I am new here, so please excuse me if I forget some parts of the etiquette, I’ll try to stick to it and I’ll be glad to accept any advice!
I have immunofluorescence images with DAPI staining for the nuclei and another staining for GM2 (see the attached example KO-GM2_channel2.tiff (1.0 MB) WT-GM2-DAPI.tif (2.0 MB) ). My aim is to compare the average GM2 signal intensity per cell in two cell populations (wt and ko).
I created a pipeline (attached Create PPI images without background intensity.cpproj (212.6 KB) ) that hopefully:
- identifies nuclei
- identifies cells as secondary objects from GM2 signal (with a smoothing factor and an intensity threshold)
- measure GM2 signal intensity from the cells
- subtracts from this intensity its lower quartile to eliminate background (this step is necessary because of aspecific staining which could not be reduced diluting the antibody)

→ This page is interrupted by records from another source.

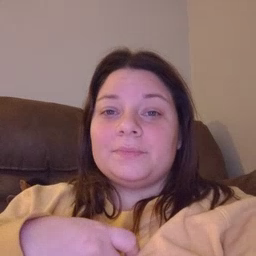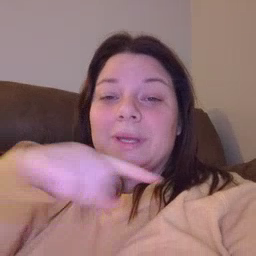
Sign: weus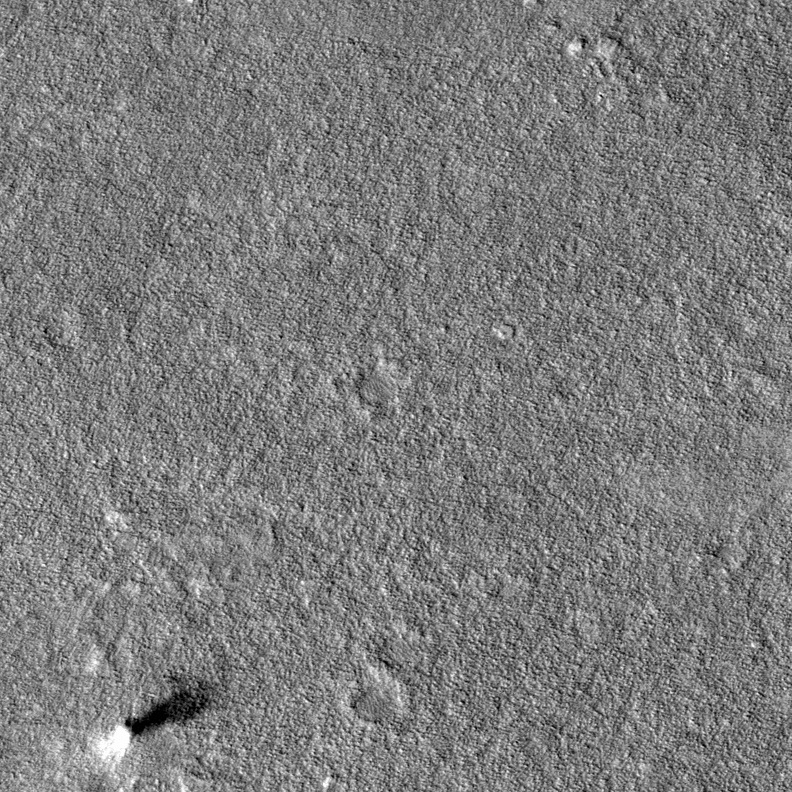
Label: dustdevil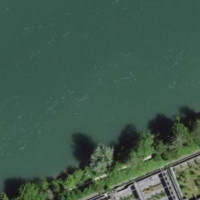
EUNIS habitat code: 15
Species observed at this site:
Humulus lupulus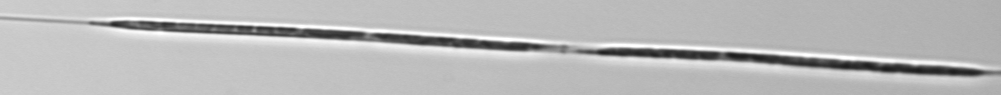
Label: Rhizosolenia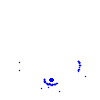
Particle: proton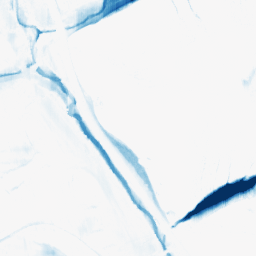
Category: morphological
Decomposition family: morphological_ellipse
Decomposition parameters: operation: closing
width: 30
height: 5
Upsampling method: quintic
Upsampling parameters: scale: 8
Upsampling scale: 8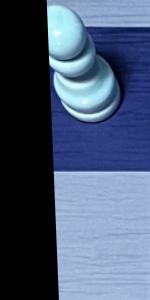
Label: Empty
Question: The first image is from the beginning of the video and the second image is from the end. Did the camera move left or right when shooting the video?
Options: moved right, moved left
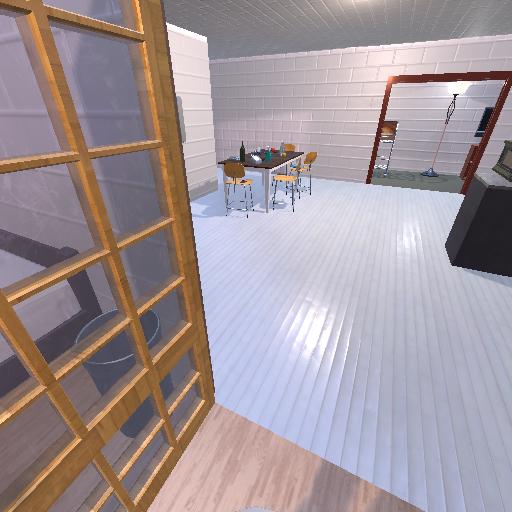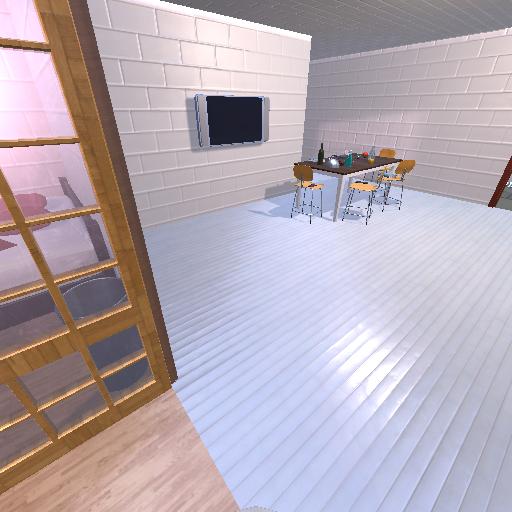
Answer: moved right
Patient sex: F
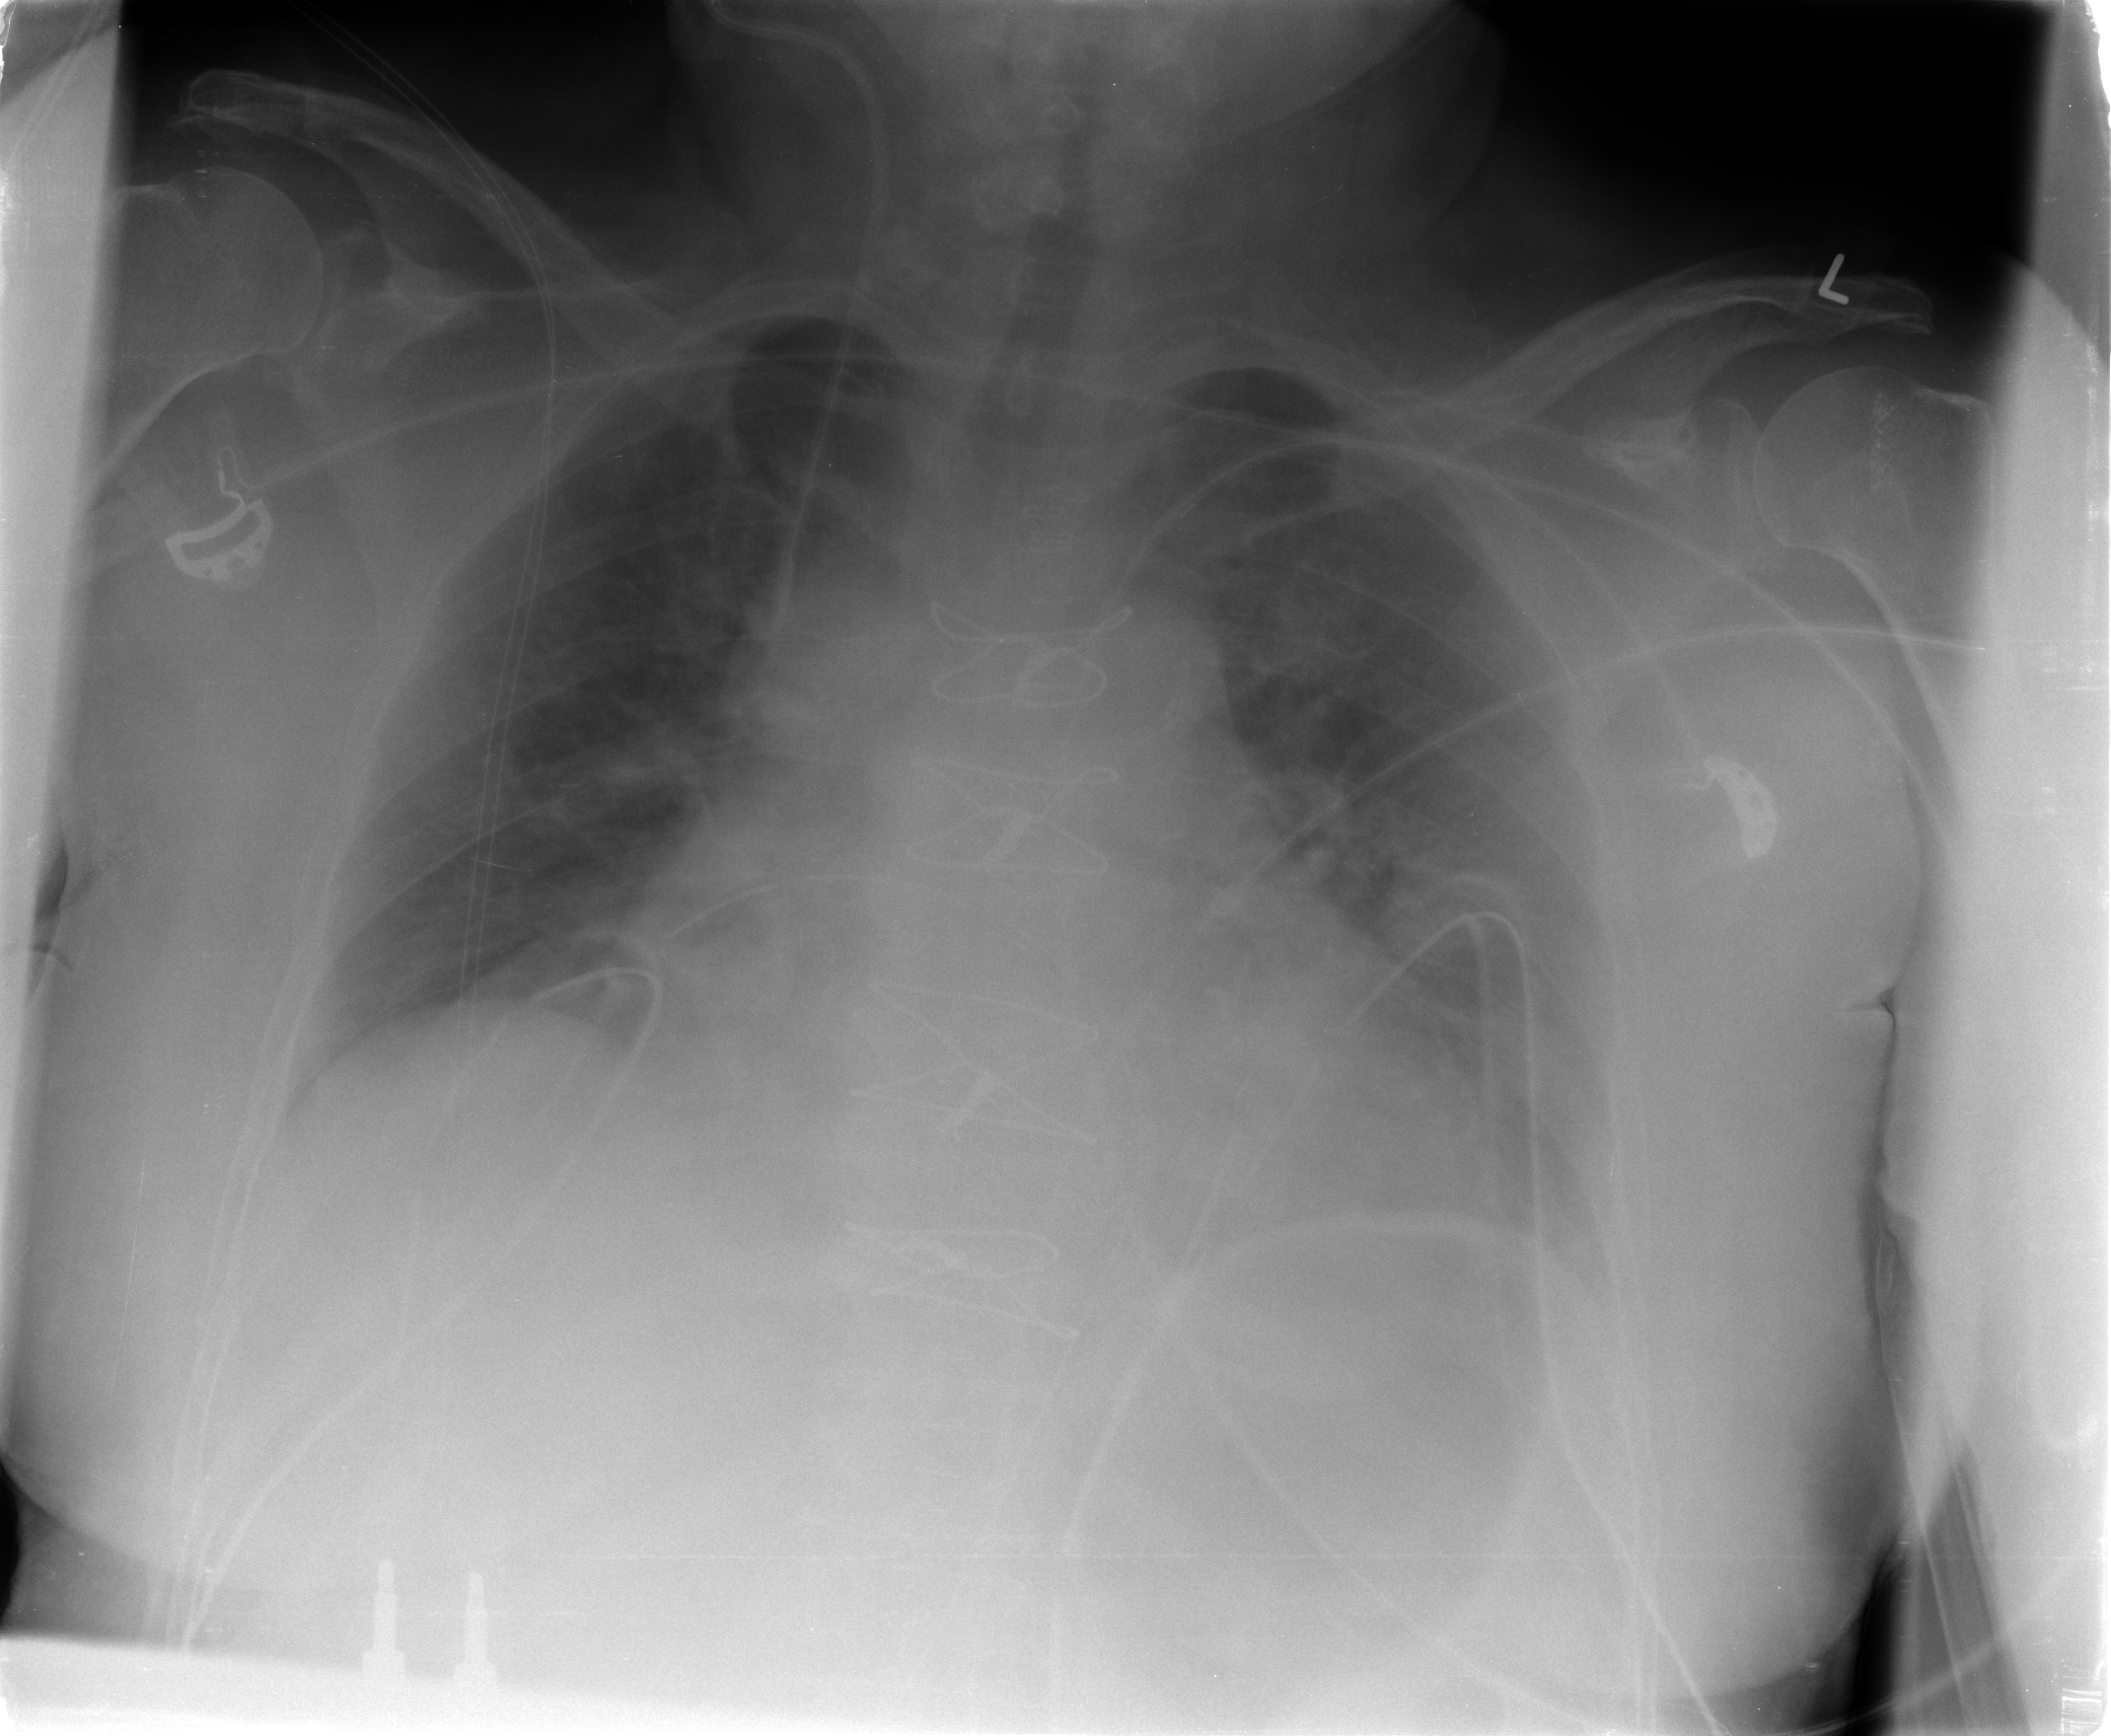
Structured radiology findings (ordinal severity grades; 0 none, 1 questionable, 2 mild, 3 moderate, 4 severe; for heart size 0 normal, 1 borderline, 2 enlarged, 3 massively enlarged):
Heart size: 2
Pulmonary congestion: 0
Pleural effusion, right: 0
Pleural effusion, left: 0
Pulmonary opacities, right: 0
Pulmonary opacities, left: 0
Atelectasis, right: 2
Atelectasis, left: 2

- saves the images resulting from point 4, which I called “PPI”
- calculates mean image intensity (just to double check and compare, you can ignore this part).

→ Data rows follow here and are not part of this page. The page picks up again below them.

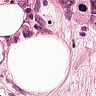
Metastatic tissue present: yes
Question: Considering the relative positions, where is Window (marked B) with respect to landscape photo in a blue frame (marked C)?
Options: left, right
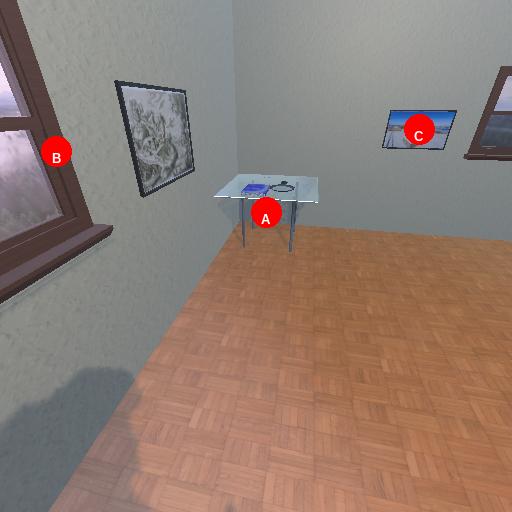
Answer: left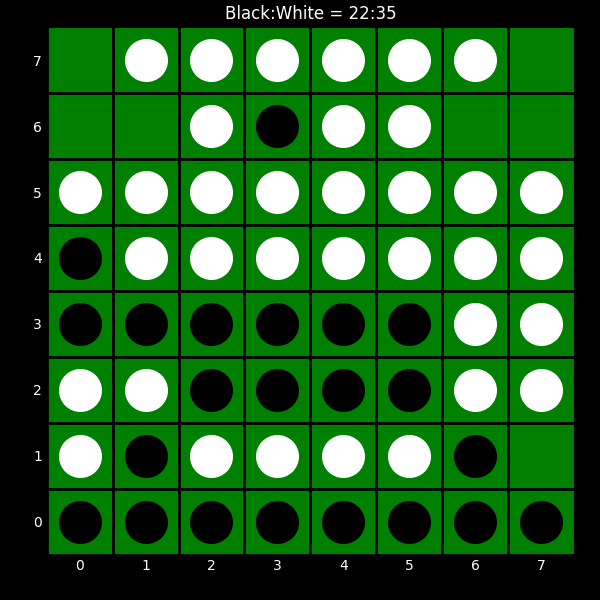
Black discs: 22
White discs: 35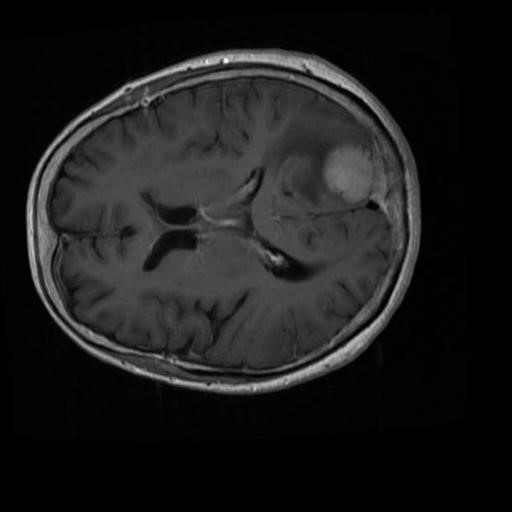
Label: brain_menin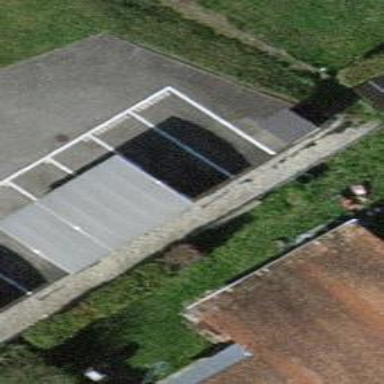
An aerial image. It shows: Shed.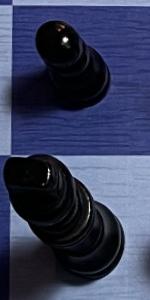
Label: King_Black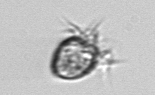
Label: Ciliophora

To measure total GM2 signal intensity from cells (i.e. secondary objects) from PPI images (i.e. the processed images, without background intensity) do I have to create another pipeline or is there a way to re-input the output of SaveImages in the same pipeline that created it?
At the moment I am using another pipeline (attached IF Obtain total GM2 intensity of output PPI images.cpproj (886.2 KB) ), manually re-inputting the processed images.
Sorry for the long post and thank you so much for your time!